Aim of the task => Scan the data below for lines holding the word "Andersen", and copy each line found.

====== Supplied material

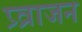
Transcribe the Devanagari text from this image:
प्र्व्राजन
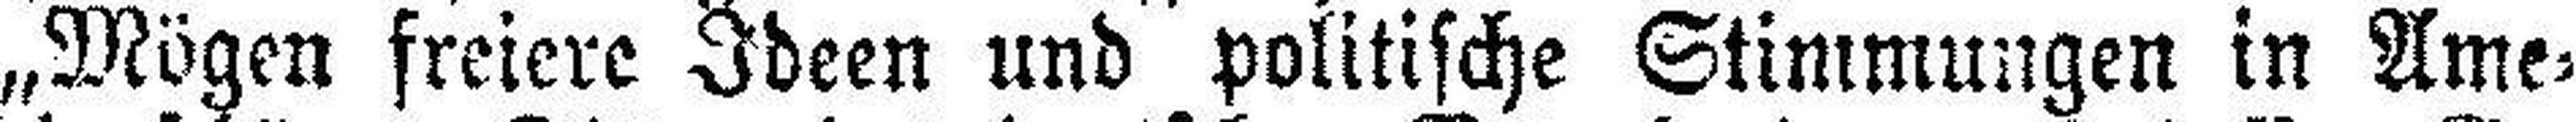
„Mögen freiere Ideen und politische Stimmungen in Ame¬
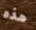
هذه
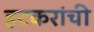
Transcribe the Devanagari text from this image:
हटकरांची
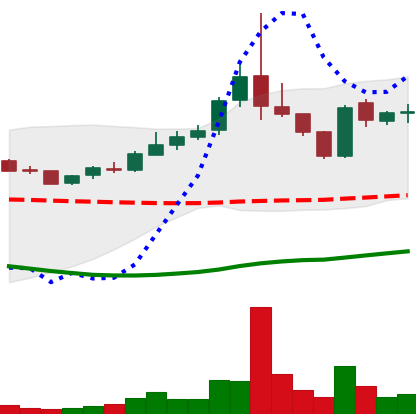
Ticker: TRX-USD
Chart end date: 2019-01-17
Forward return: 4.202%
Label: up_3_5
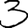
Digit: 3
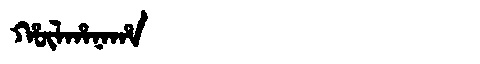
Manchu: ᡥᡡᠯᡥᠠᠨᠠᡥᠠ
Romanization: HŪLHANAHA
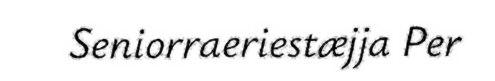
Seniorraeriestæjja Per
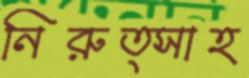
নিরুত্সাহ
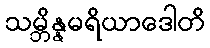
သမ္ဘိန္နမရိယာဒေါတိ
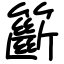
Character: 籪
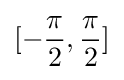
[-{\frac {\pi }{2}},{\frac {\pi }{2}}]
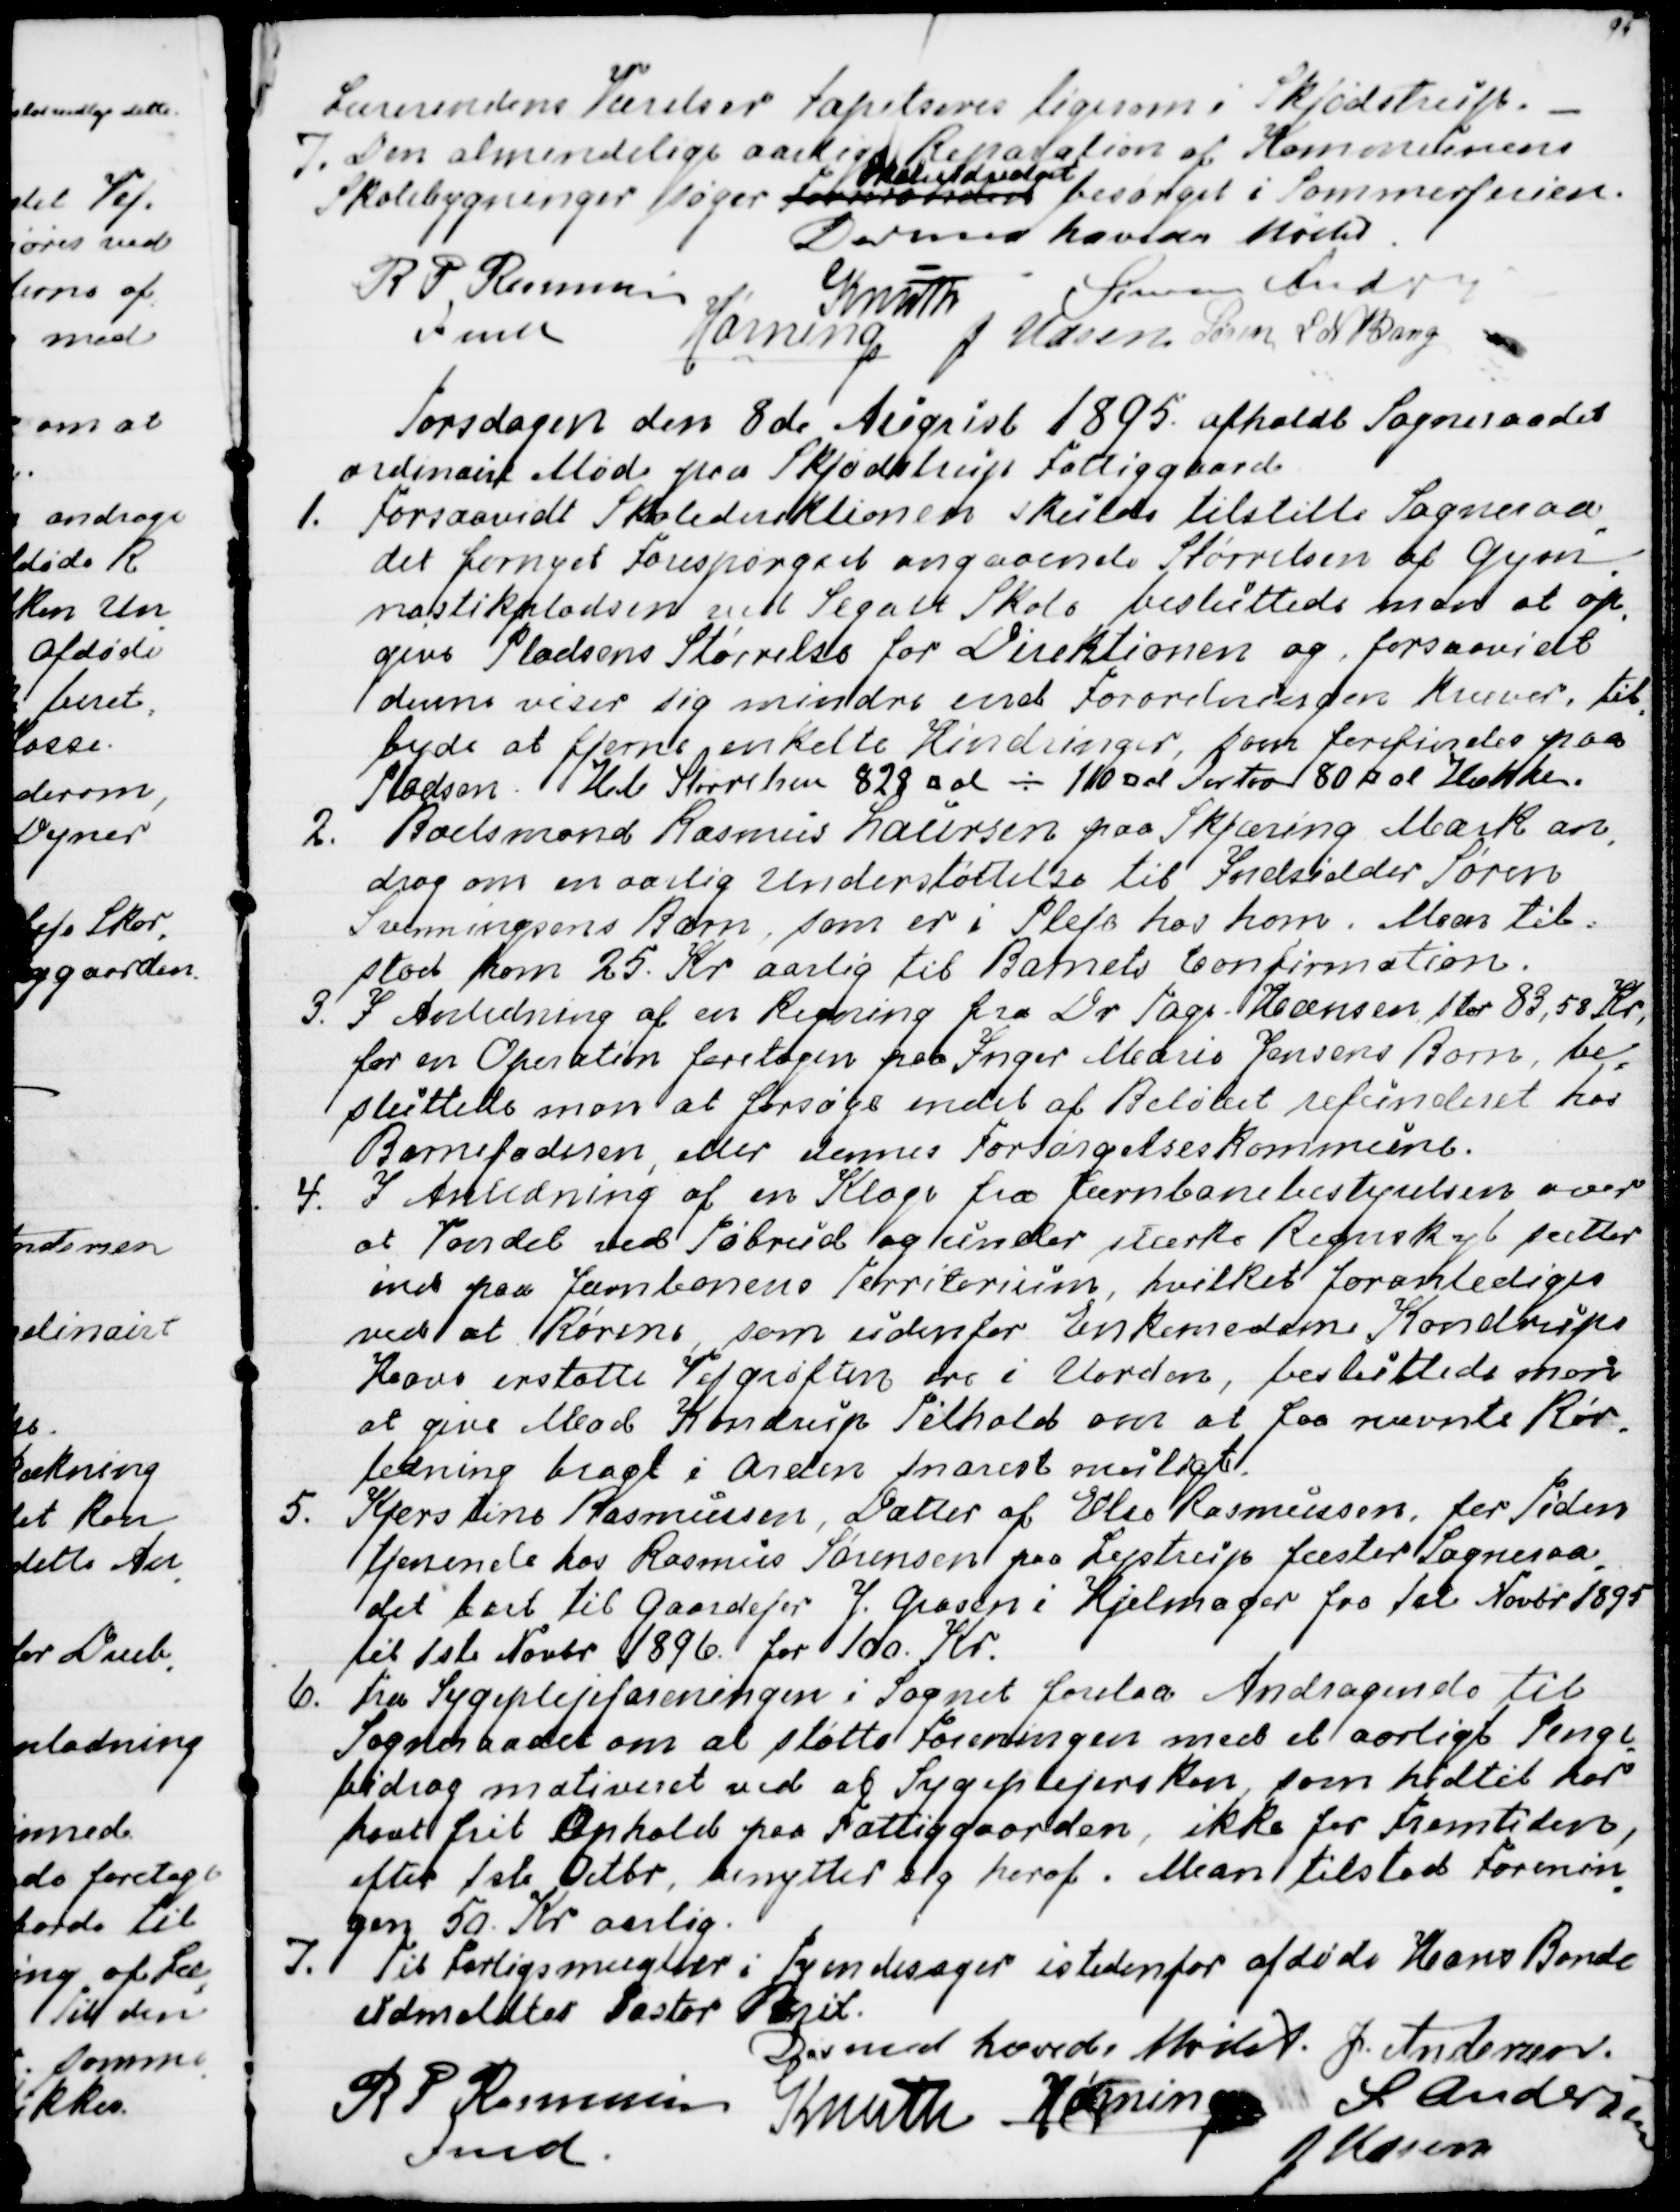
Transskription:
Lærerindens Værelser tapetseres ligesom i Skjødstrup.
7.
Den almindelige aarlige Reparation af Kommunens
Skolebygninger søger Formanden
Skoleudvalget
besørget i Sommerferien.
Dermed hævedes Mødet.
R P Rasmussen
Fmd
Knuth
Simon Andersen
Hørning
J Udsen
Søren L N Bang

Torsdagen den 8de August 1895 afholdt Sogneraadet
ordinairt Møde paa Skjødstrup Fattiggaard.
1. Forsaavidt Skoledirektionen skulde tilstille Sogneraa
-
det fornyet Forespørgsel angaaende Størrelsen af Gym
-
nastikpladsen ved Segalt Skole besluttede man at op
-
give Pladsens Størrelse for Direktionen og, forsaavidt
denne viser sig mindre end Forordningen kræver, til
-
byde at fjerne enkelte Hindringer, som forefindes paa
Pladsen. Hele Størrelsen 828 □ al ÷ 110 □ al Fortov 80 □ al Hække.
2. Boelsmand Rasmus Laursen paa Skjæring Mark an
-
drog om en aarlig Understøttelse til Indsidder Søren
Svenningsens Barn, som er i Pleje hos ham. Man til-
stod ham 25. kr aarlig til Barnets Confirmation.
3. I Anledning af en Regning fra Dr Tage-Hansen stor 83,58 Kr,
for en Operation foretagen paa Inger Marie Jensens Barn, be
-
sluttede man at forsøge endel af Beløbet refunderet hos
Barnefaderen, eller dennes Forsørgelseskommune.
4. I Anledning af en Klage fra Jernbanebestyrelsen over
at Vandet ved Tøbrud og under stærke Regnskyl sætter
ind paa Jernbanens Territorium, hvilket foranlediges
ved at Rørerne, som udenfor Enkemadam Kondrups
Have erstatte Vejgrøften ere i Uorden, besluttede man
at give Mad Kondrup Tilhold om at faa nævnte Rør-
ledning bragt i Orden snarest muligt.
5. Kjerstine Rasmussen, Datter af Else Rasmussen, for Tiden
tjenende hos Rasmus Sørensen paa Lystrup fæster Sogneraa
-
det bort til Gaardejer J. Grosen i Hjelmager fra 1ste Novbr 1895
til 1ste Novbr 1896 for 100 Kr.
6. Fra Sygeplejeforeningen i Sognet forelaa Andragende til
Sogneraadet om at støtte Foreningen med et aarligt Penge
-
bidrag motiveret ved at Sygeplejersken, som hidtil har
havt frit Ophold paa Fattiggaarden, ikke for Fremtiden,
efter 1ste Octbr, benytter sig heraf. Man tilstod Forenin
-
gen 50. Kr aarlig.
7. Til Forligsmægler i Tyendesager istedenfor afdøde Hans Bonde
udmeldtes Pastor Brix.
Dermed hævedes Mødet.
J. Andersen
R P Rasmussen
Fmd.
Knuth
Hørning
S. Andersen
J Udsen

============

Response area =>
Simon Andersen
J. Andersen
S. Andersen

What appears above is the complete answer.